Directions – Send back the data below exactly. Drop every picture.
━━━ Material shown
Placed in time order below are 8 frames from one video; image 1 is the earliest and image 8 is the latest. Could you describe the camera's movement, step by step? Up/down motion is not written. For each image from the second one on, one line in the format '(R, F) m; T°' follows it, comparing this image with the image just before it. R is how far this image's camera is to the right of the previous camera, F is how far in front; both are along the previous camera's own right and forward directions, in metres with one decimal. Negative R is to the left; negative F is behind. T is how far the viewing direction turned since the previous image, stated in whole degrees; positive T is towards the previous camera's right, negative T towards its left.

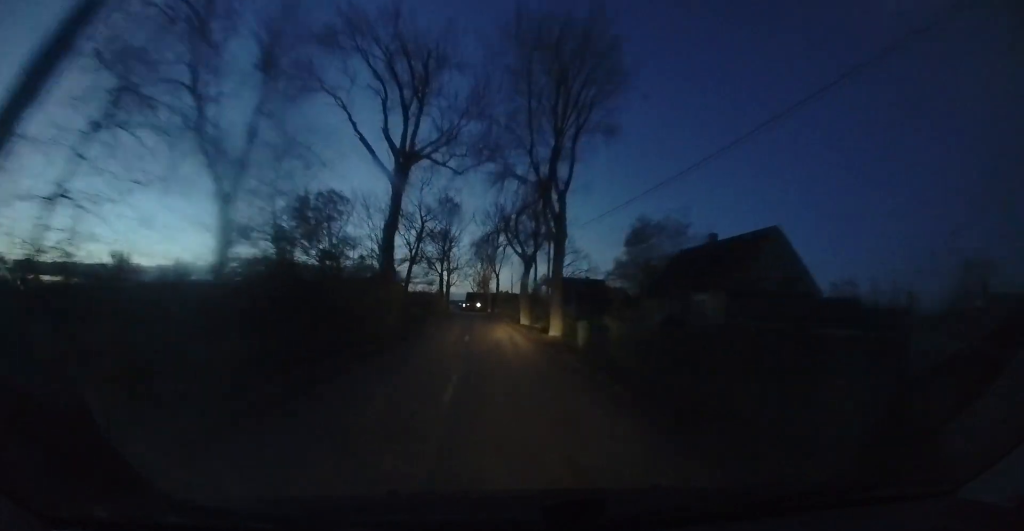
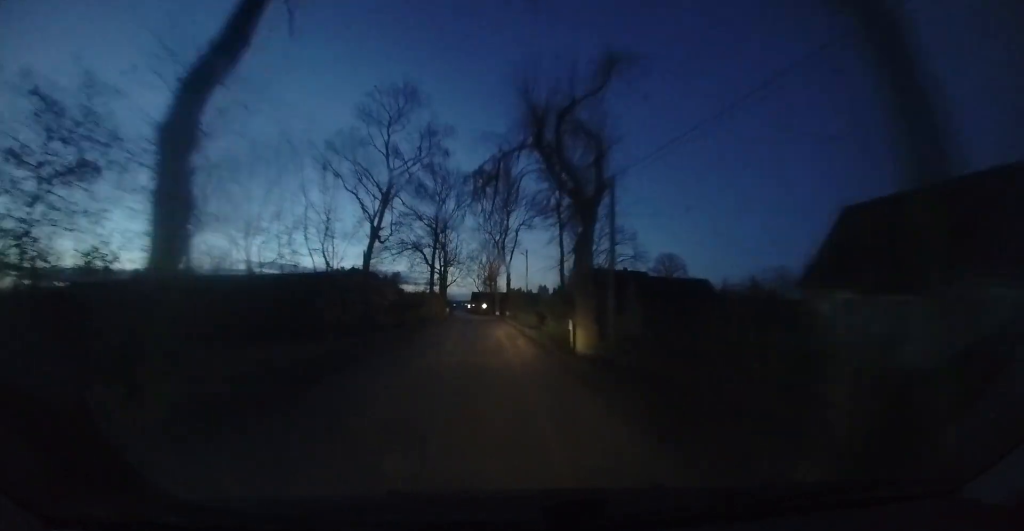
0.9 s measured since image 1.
(-0.1, +13.1) m; -1°
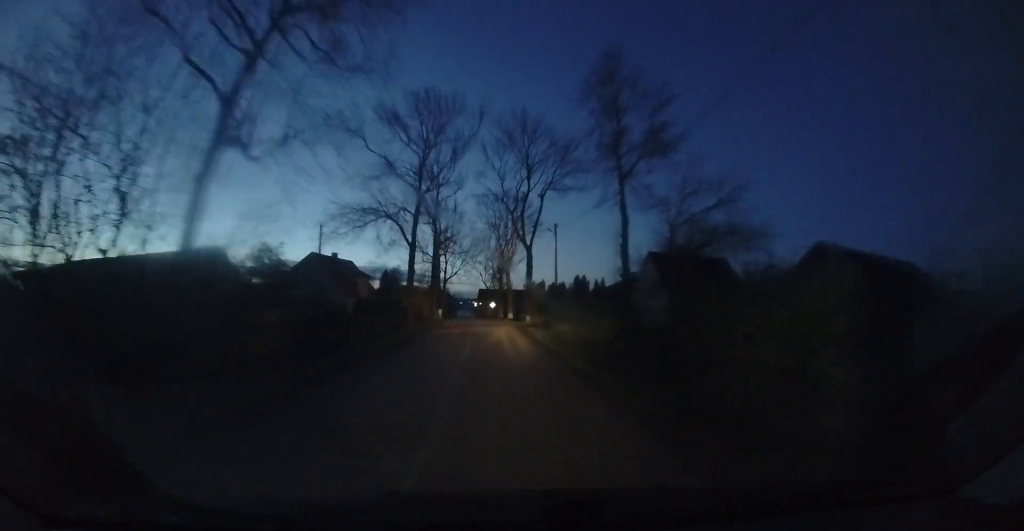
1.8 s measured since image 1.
(-0.1, +13.7) m; -2°
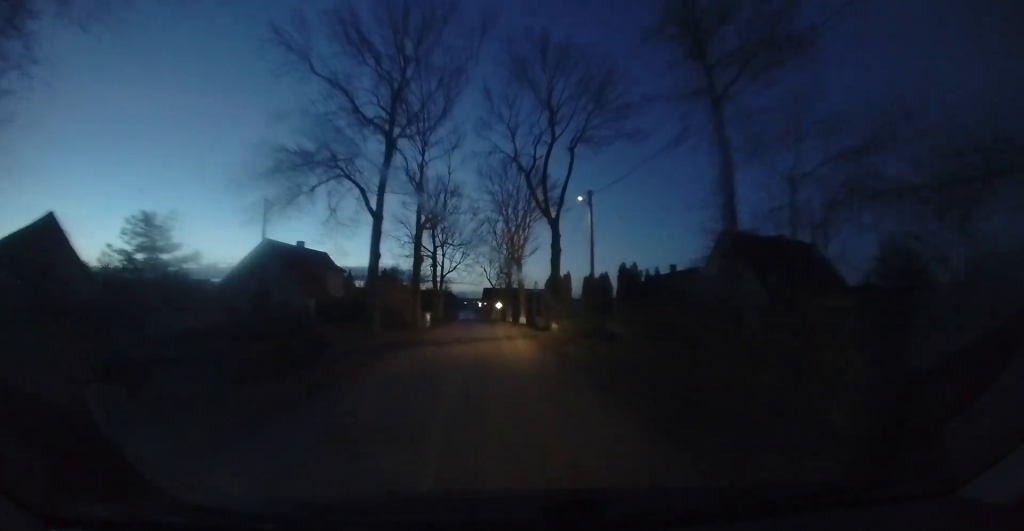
━━━━━━
Exercise answer –
Placed in time order below are 8 frames from one video; image 1 is the earliest and image 8 is the latest. Could you describe the camera's movement, step by step? Up/down motion is not written. For each image from the second one on, one line in the format '(R, F) m; T°' follows it, comparing this image with the image just before it. R is how far this image's camera is to the right of the previous camera, F is how far in front; both are along the previous camera's own right and forward directions, in metres with one decimal. Negative R is to the left; negative F is behind. T is how far the viewing direction turned since the previous image, stated in whole degrees; positive T is towards the previous camera's right, negative T towards its left.

0.9 s measured since image 1.
(-0.1, +13.1) m; -1°
1.8 s measured since image 1.
(-0.1, +13.7) m; -2°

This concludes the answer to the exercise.